Washington Reaches for the Record Book

President Obama recently reshuffled his top Washington warriors, sending CIA Director Leon Panetta, a man who knows Congress well, on to the Pentagon to replace retiring Secretary of Defense Robert Gates. In turn, the president is bringing in General David Petraeus, present Afghan War Commander, former Centcom commander, and former Iraq War commander (as well as "Bush's general"), to run the Agency.

Whatever the local politics involved, and the Petraeus appointment ensures that the potentially popular general will be on the political sidelines for campaign year 2012, these moves catch the zeitgeist of our Washington moment. Since the bin Laden assassination, in which U.S. military special operations forces "commanded" by Panetta took out the al-Qaeda leader, a new face of American war, "where sovereignty is irrelevant, armies tangential, and decisions are secret," has been emerging according to Foreign Policy in Focus analyst Conn Hallinan.

With the latest news (revealed last week by the New York Times) that the U.S. has launched a significant "intensification" of its secret air campaign against Yemeni tribesmen believed to be connected with al-Qaeda, the U.S. is now involved in no less than six wars. Count 'em, if you don't believe me: Iraq, Afghanistan, Pakistan, Yemen, Libya, and what used to be called the Global War on Terror.

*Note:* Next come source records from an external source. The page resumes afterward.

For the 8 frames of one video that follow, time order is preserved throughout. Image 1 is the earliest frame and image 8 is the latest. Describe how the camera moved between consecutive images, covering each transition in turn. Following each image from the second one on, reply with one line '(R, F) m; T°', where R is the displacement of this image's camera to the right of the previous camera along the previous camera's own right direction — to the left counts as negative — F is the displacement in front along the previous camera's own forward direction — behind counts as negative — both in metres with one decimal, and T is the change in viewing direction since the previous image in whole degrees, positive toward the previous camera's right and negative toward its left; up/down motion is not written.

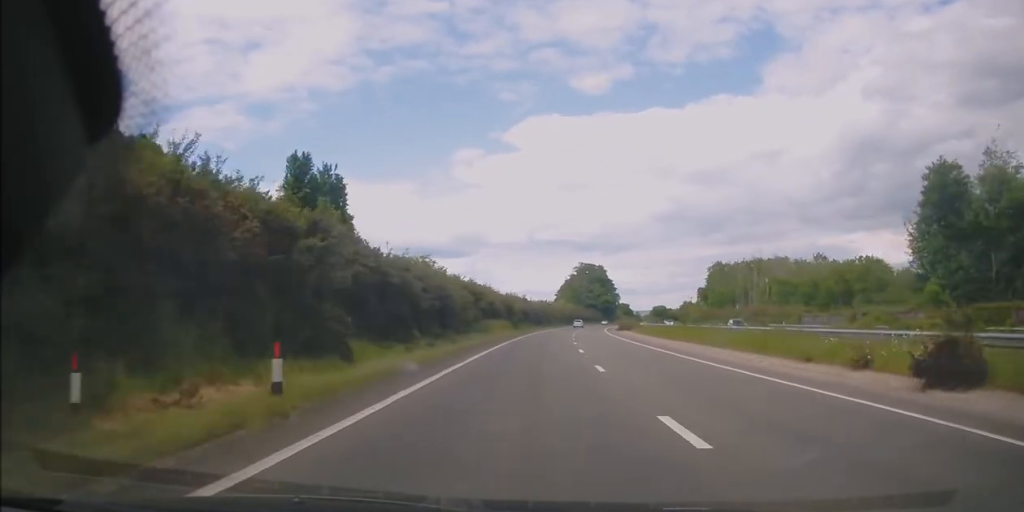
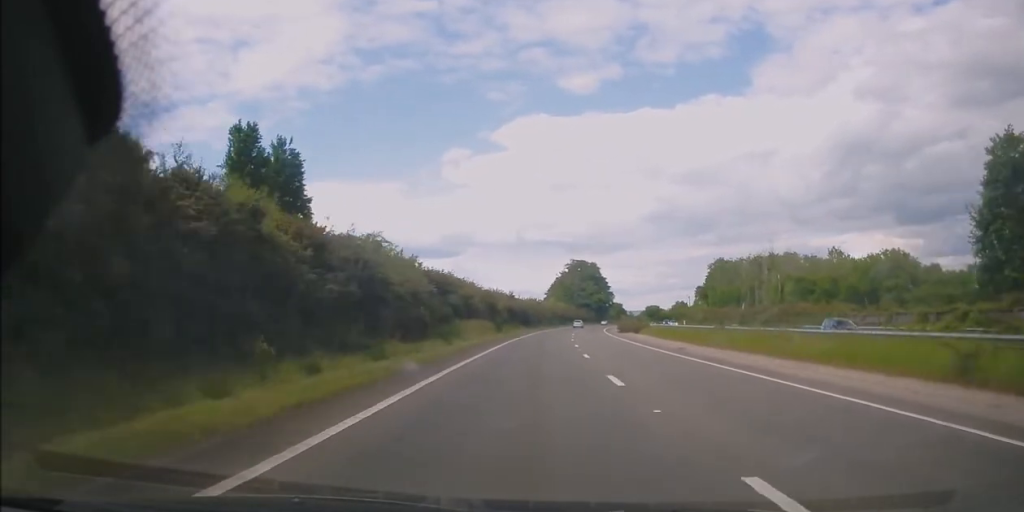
(+0.2, +12.6) m; +1°
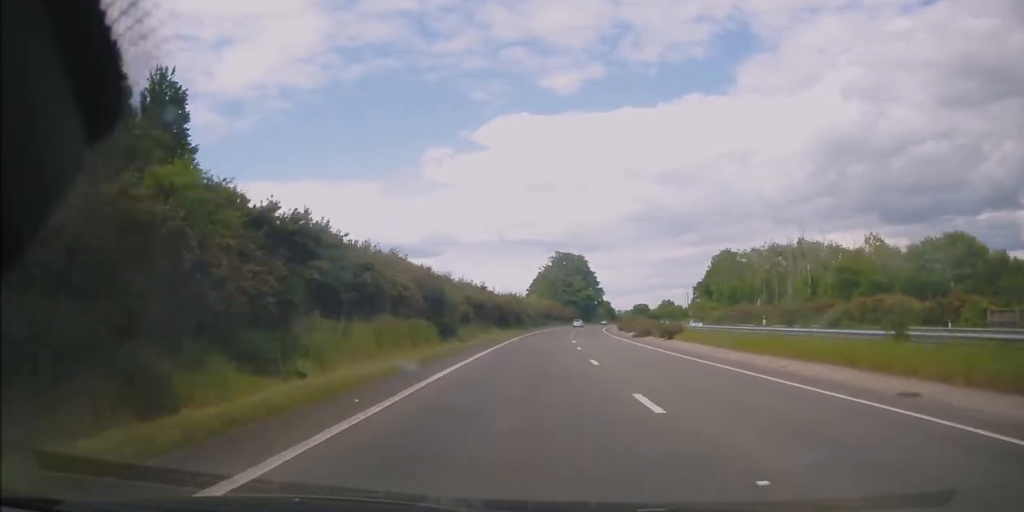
(+0.4, +22.2) m; +2°
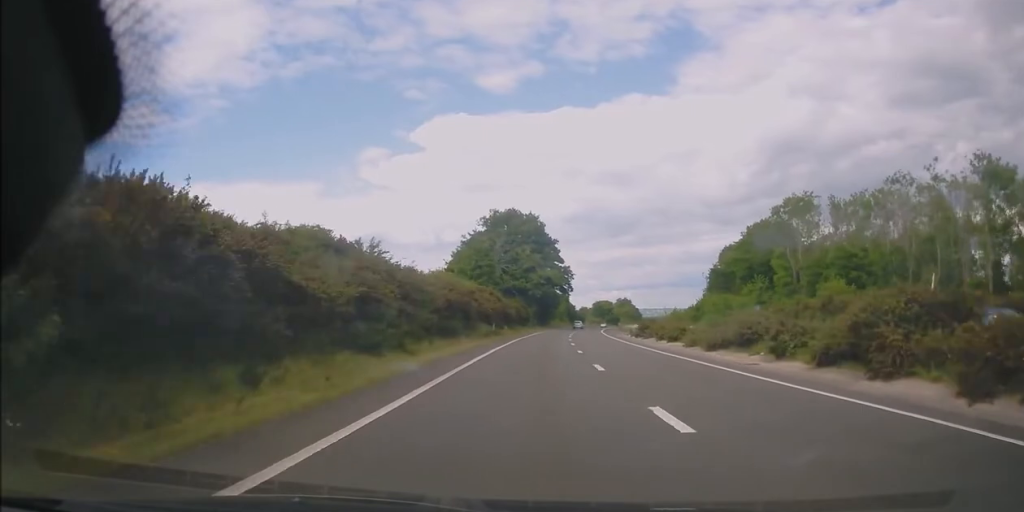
(+3.6, +75.7) m; +6°
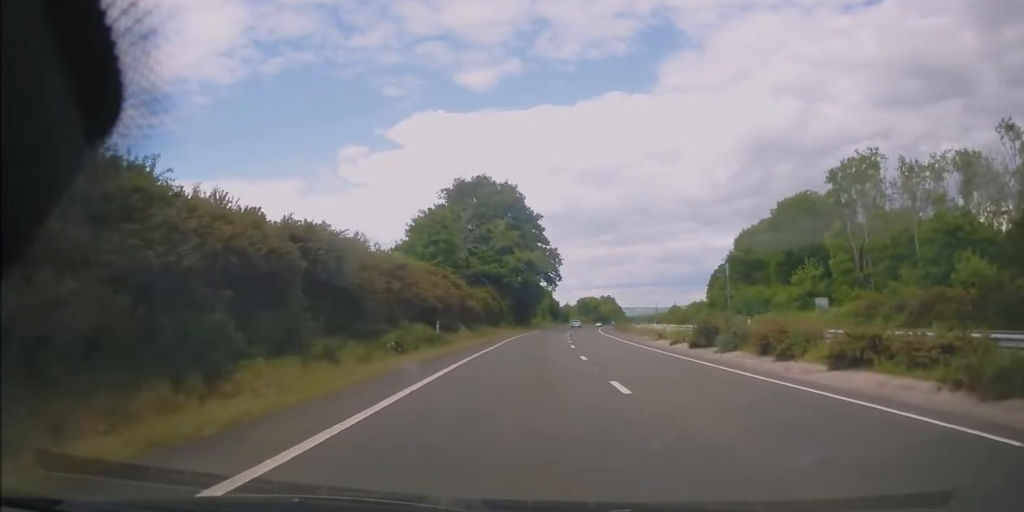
(+0.4, +24.4) m; +2°
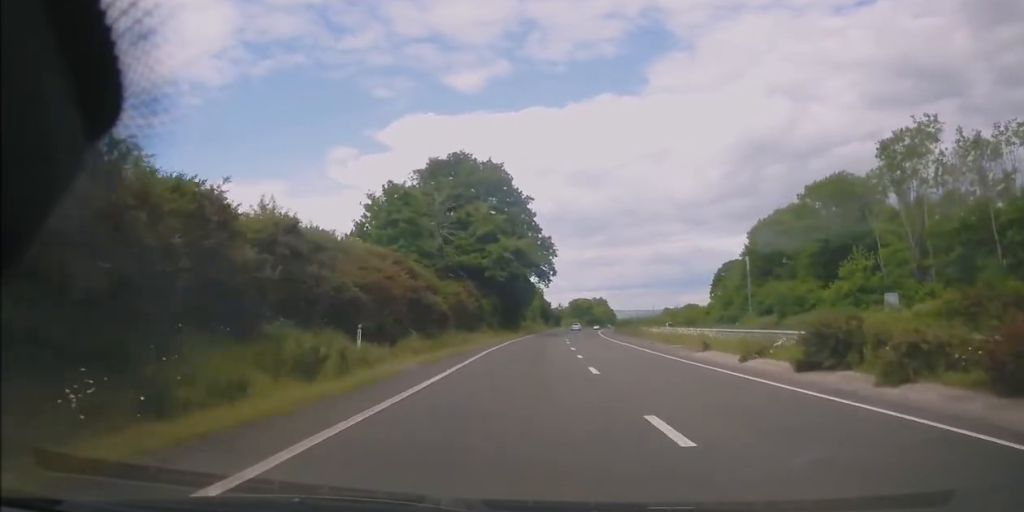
(-0.1, +13.7) m; +1°
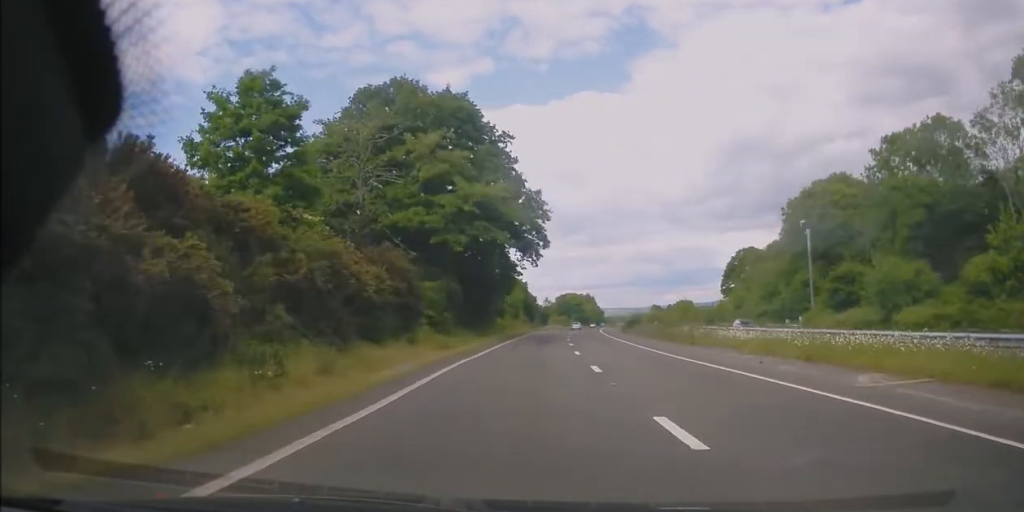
(+0.7, +23.5) m; +2°
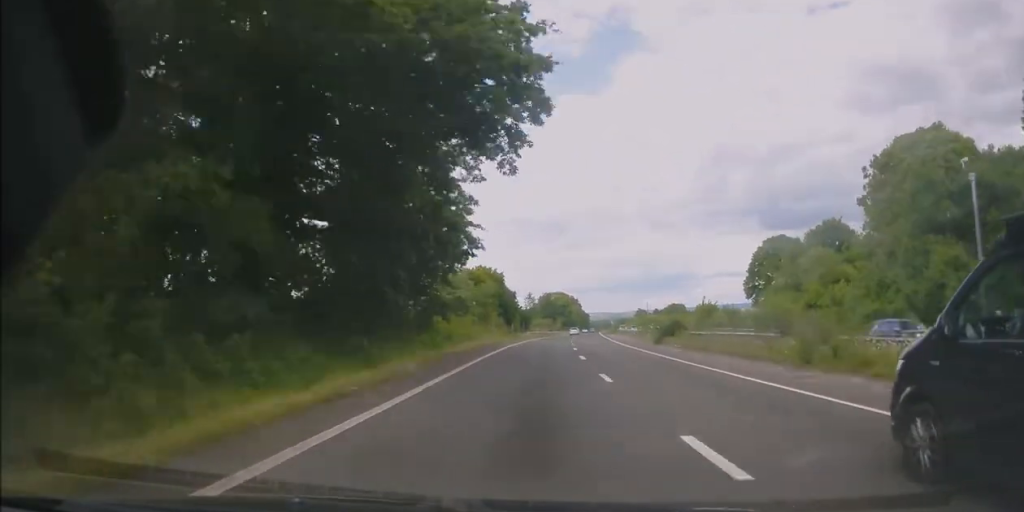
(+0.4, +28.4) m; +2°

In anyone's book, that certainly qualifies as a working definition of "endless" war, but that doesn't mean endlessly the same kind of war. Let's look at this, war by war:

Iraq: Now largely the dregs of a counterinsurgency operation, this war will not end in 2011. At his confirmation hearings, for instance, Panetta cited the existence of al-Qaeda in Iraq as a reason for U.S. troops to remain beyond an agreed-upon year-end withdrawal date. Should those troops actually leave, however, the war will still go on, even if in quite a different form. A gargantuan, increasingly militarized State Department "mission" in that country, complete with its own "army" and "air force" of perhaps 5,100 mercenaries, will evidently keep the faith.

Afghanistan: This remains a full-scale U.S. Army-run counterinsurgency war, backed by a major special operations/CIA counterterror war.

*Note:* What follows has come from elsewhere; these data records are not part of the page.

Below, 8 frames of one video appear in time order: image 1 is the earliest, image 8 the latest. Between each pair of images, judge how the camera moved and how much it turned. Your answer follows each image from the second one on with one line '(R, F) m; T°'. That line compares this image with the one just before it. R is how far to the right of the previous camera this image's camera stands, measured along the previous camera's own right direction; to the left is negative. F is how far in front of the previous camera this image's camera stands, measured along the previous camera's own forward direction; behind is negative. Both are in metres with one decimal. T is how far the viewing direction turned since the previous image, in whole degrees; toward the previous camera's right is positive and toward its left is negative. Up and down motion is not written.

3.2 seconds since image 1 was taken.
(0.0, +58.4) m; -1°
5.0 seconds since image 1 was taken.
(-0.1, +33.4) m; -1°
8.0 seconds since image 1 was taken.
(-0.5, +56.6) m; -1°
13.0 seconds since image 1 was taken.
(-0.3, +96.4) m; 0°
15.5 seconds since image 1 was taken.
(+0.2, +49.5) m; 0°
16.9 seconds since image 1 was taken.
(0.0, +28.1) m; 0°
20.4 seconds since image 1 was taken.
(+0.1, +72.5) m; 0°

Pakistan: A full-scale CIA-run drone war in the Pakistani borderlands is actually expanding. In the post-9/11 era, this has been the first of Washington's "covert" or "shadow" wars (which no longer means "secret" -- it's all over the news almost daily -- but something closer to "off the books," as in beyond the reach of any form of significant popular or congressional oversight or accountability). Panetta is calling for more emphasis on such off-the-books wars in which U.S. military operatives might, as in the bin Laden operation, temporarily find themselves under the command of the CIA.

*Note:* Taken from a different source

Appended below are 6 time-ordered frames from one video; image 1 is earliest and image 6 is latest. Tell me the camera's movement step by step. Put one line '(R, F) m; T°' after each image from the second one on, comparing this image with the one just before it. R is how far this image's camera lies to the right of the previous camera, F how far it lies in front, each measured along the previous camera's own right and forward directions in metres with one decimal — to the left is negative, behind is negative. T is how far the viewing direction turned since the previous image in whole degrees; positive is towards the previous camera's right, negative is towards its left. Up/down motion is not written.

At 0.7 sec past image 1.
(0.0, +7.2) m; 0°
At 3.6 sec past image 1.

Libya: Officially a NATO air war, this one is nonetheless partially run by the Pentagon with targeting assistance from various U.S. intelligence agencies. It involves both direct U.S. air strikes and support for strikes by various NATO and Arab allies fronting the operation. It is also, for Americans, a "war" in name only since, except in the case of engine malfunction, there is essentially no way the Libyans can harm a U.S. pilot. It is also an example of another air war that, while destructive, has proven itself incapable of fulfilling its stated aims. Months later, Gaddafi remains alive and more or less in power, while NATO flags.

Yemen: Another of those "covert" air wars, being run, according to the Times, by the Pentagon's Joint Special Operations Command, closely coordinated with the CIA out of a secret office in the Yemeni capital.

The Global War on Terror: While the Obama administration officially discarded the Bush-era name, it expanded the war and the forces meant to fight it in places like Somalia. U.S. special operations forces now pursue war-on-terror tasks in at least 75 countries and who knows how many CIA and other intelligence agents are involved as well.

Think of all this as a kind of mix-and-match version of war that increasingly integrates civilian branches of the government like the State Department, an ever more warlike CIA (once known as "the president's private army"), the regular Army, Marines, and Air Force, ever-growing drone air power (split between an officially civilian intelligence agency and the military), and a secret combined military force of perhaps 20,000 special operatives.

With the face of American war changing in striking ways and at least six wars, none going particularly well, on or off the books, no one should be surprised if, as retired Air Force lieutenant colonel and historian William Astore makes clear in his latest piece, Washington as a war capital increasingly looks like a new kind of town. In the meantime, when it comes to how many wars Americans can fight at once, Washington is reaching for the record books.